Data section Start Marker

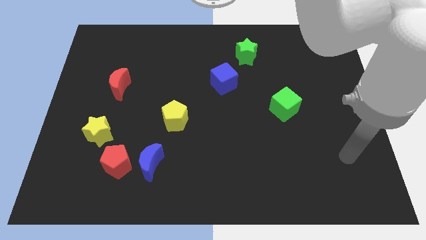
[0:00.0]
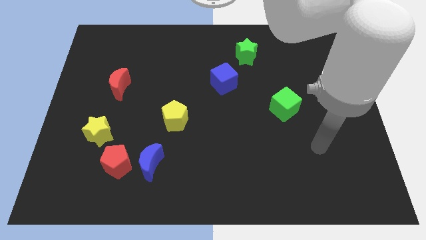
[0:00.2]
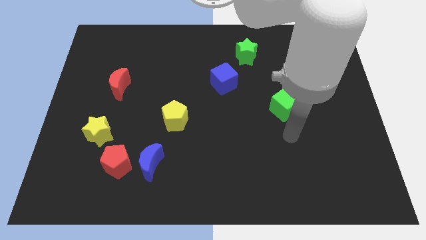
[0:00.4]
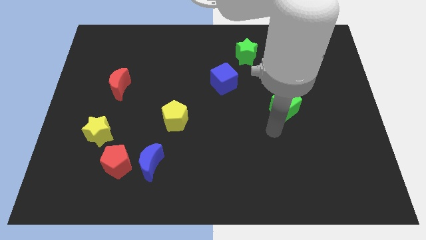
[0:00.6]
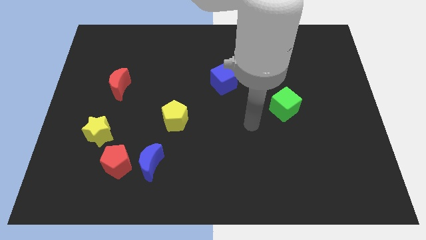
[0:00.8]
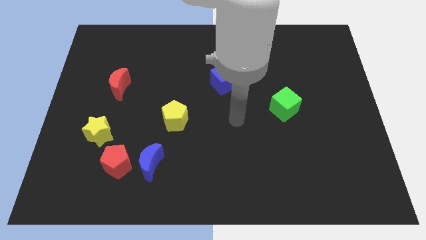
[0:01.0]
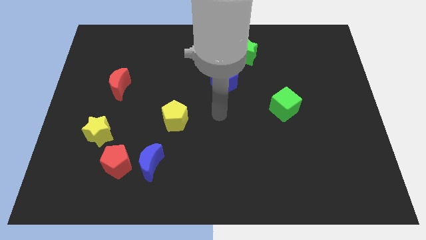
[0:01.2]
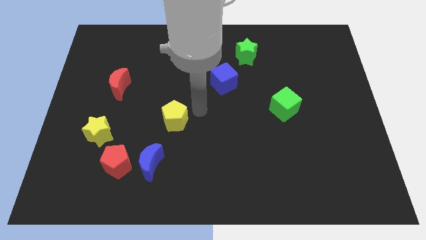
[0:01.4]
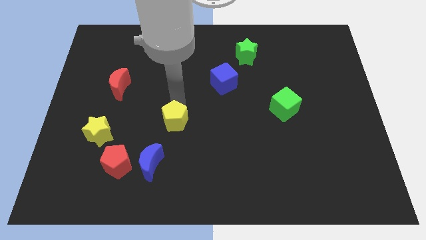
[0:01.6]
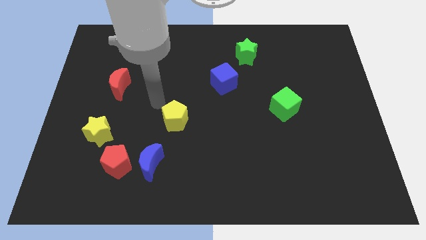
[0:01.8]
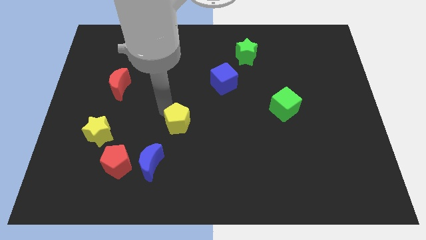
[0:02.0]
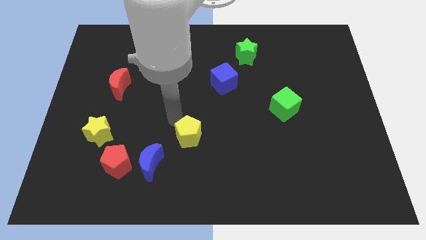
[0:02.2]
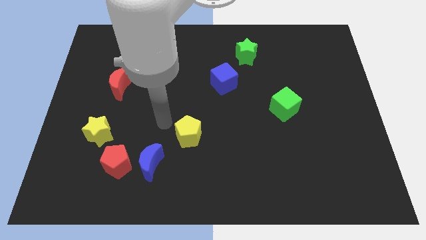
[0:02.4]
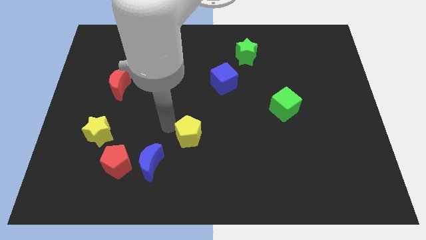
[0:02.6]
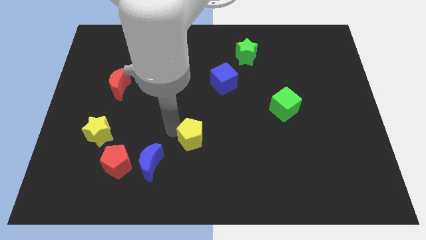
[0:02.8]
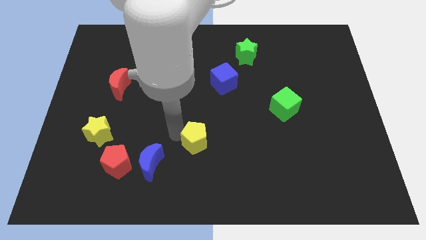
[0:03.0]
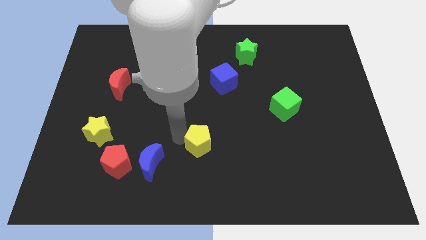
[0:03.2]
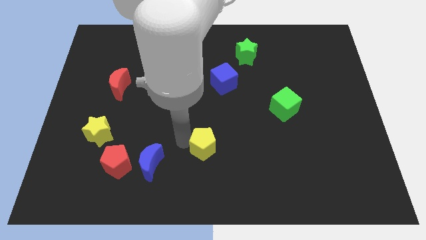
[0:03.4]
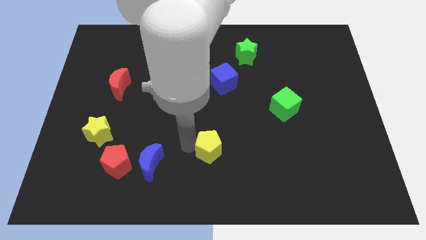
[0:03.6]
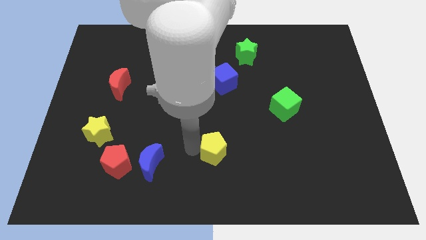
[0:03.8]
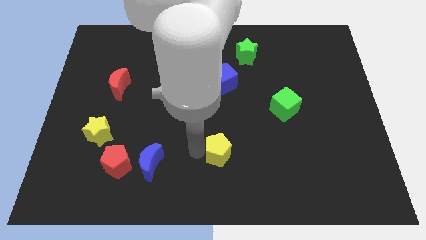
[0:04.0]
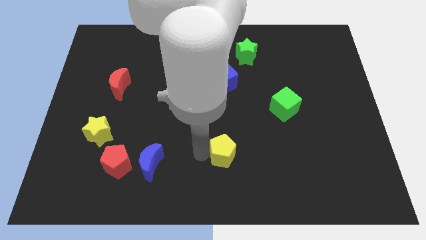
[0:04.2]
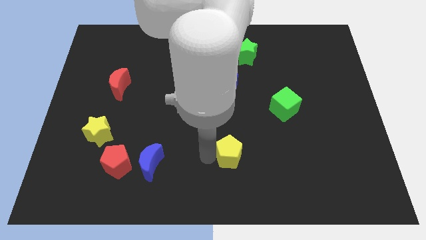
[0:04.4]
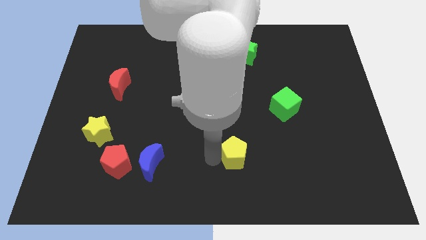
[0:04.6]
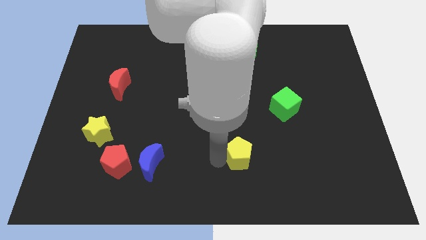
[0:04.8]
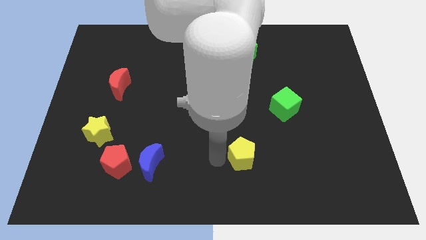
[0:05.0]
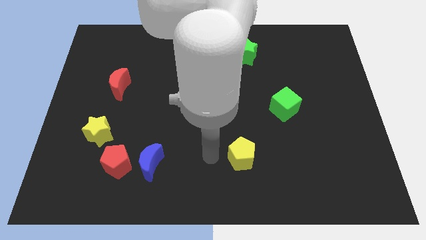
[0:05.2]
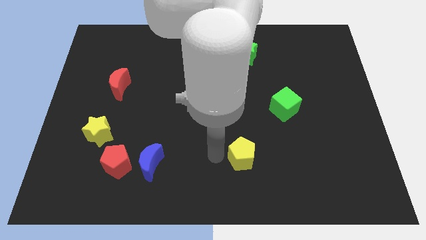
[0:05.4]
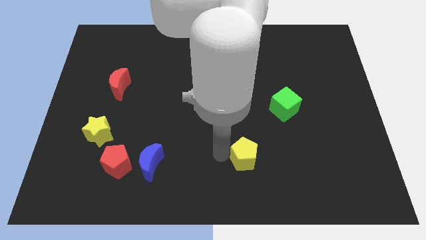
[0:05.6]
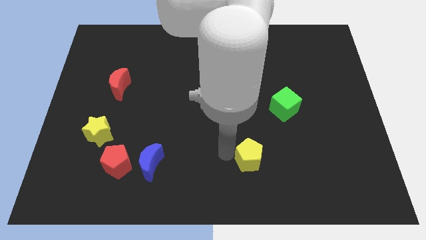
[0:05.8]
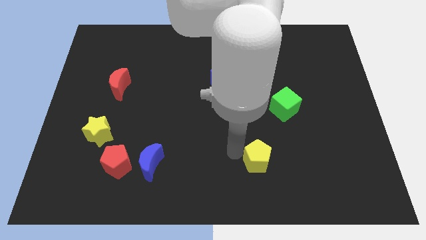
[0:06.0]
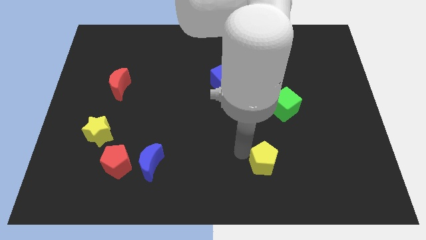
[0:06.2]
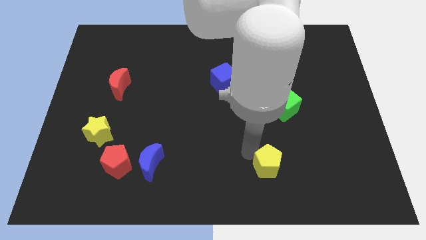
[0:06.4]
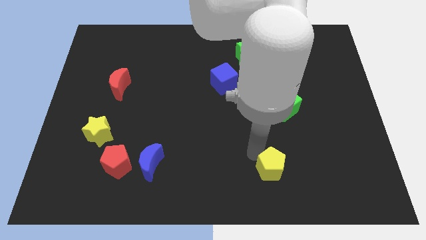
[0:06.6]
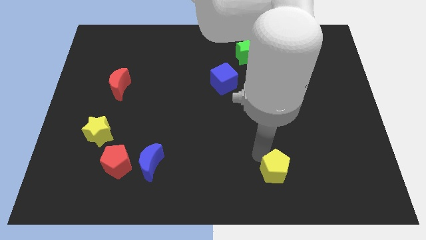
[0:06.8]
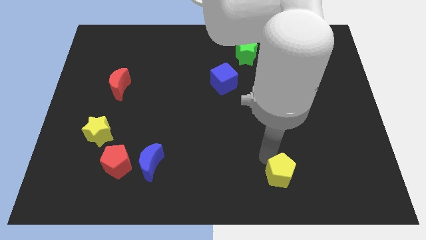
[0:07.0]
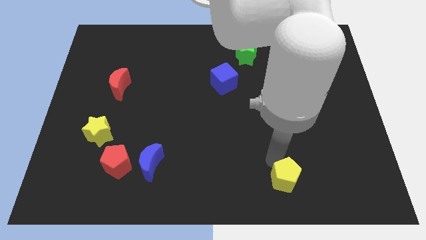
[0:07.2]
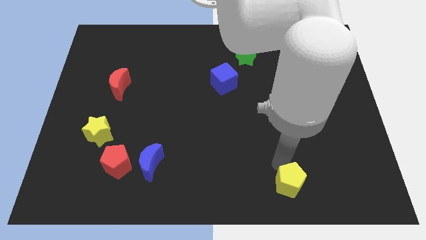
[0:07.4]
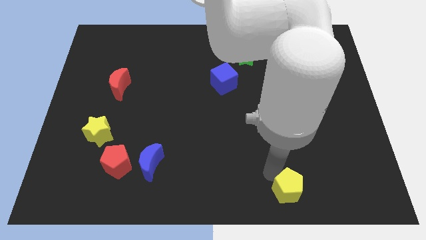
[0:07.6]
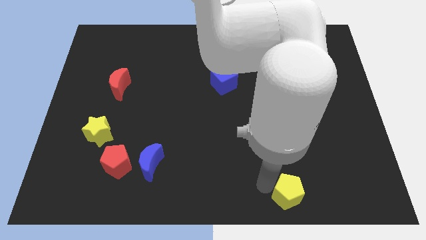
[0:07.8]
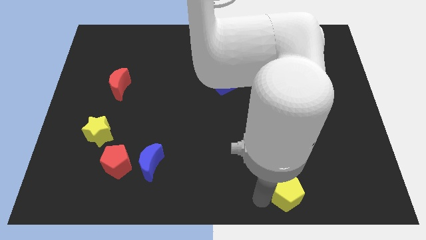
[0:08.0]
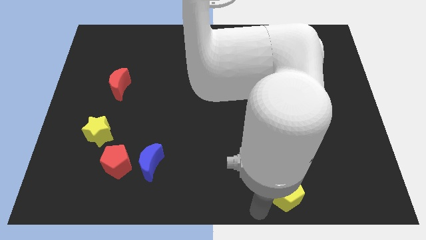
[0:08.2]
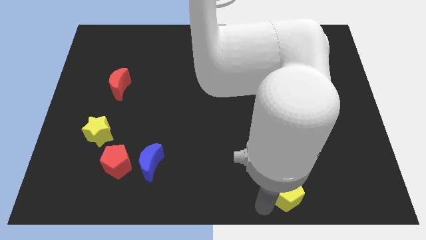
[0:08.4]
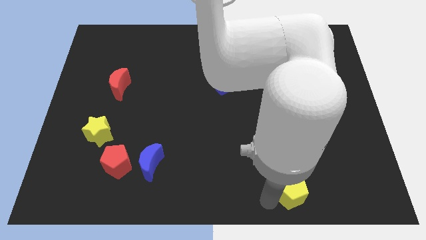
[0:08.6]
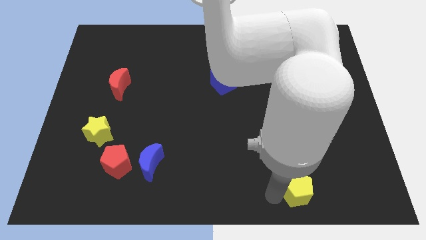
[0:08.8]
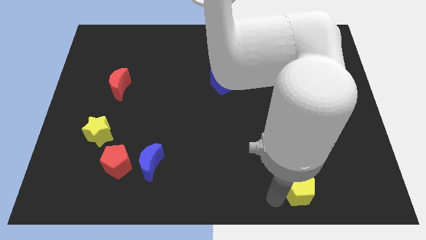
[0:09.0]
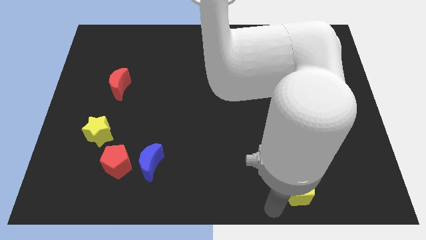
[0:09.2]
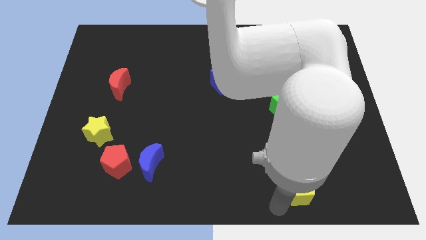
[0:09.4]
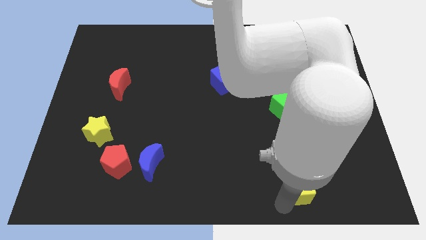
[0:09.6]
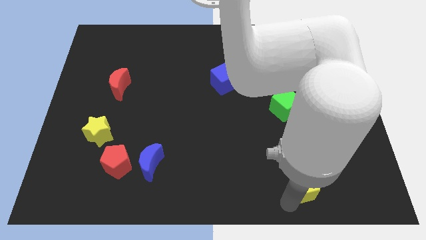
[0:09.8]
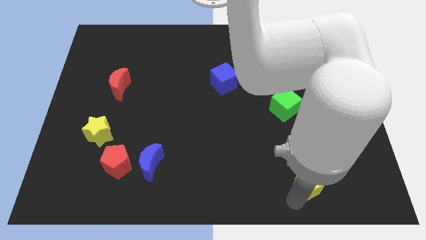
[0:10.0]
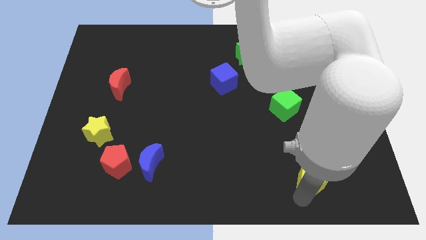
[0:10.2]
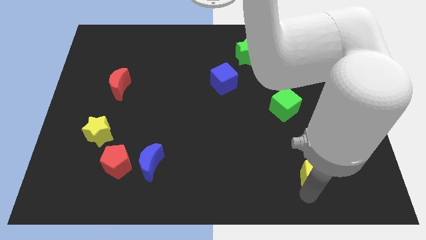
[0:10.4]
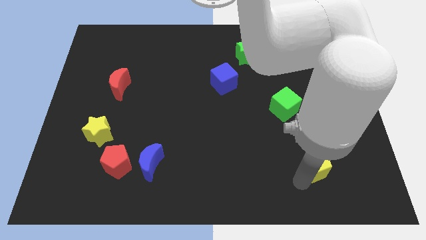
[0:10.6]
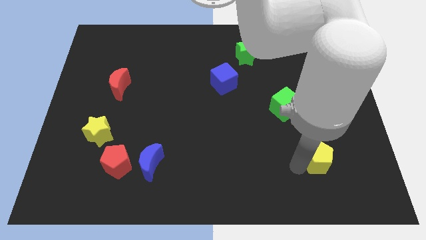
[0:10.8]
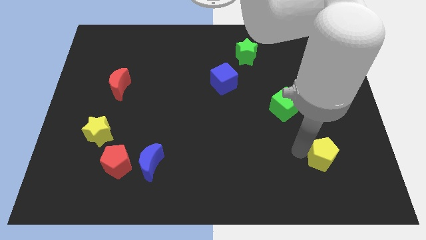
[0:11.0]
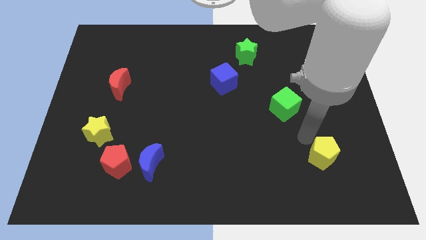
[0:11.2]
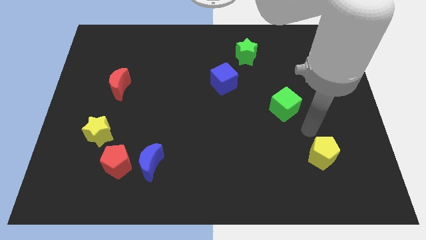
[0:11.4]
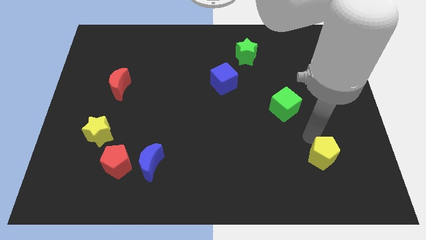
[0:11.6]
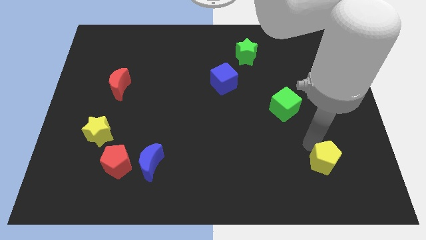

Data section End Marker

Required work
Copy every entry exactly, leaving out the pictures.

Task result
[0:00.0]
[0:00.2]
[0:00.4]
[0:00.6]
[0:00.8]
[0:01.0]
[0:01.2]
[0:01.4]
[0:01.6]
[0:01.8]
[0:02.0]
[0:02.2]
[0:02.4]
[0:02.6]
[0:02.8]
[0:03.0]
[0:03.2]
[0:03.4]
[0:03.6]
[0:03.8]
[0:04.0]
[0:04.2]
[0:04.4]
[0:04.6]
[0:04.8]
[0:05.0]
[0:05.2]
[0:05.4]
[0:05.6]
[0:05.8]
[0:06.0]
[0:06.2]
[0:06.4]
[0:06.6]
[0:06.8]
[0:07.0]
[0:07.2]
[0:07.4]
[0:07.6]
[0:07.8]
[0:08.0]
[0:08.2]
[0:08.4]
[0:08.6]
[0:08.8]
[0:09.0]
[0:09.2]
[0:09.4]
[0:09.6]
[0:09.8]
[0:10.0]
[0:10.2]
[0:10.4]
[0:10.6]
[0:10.8]
[0:11.0]
[0:11.2]
[0:11.4]
[0:11.6]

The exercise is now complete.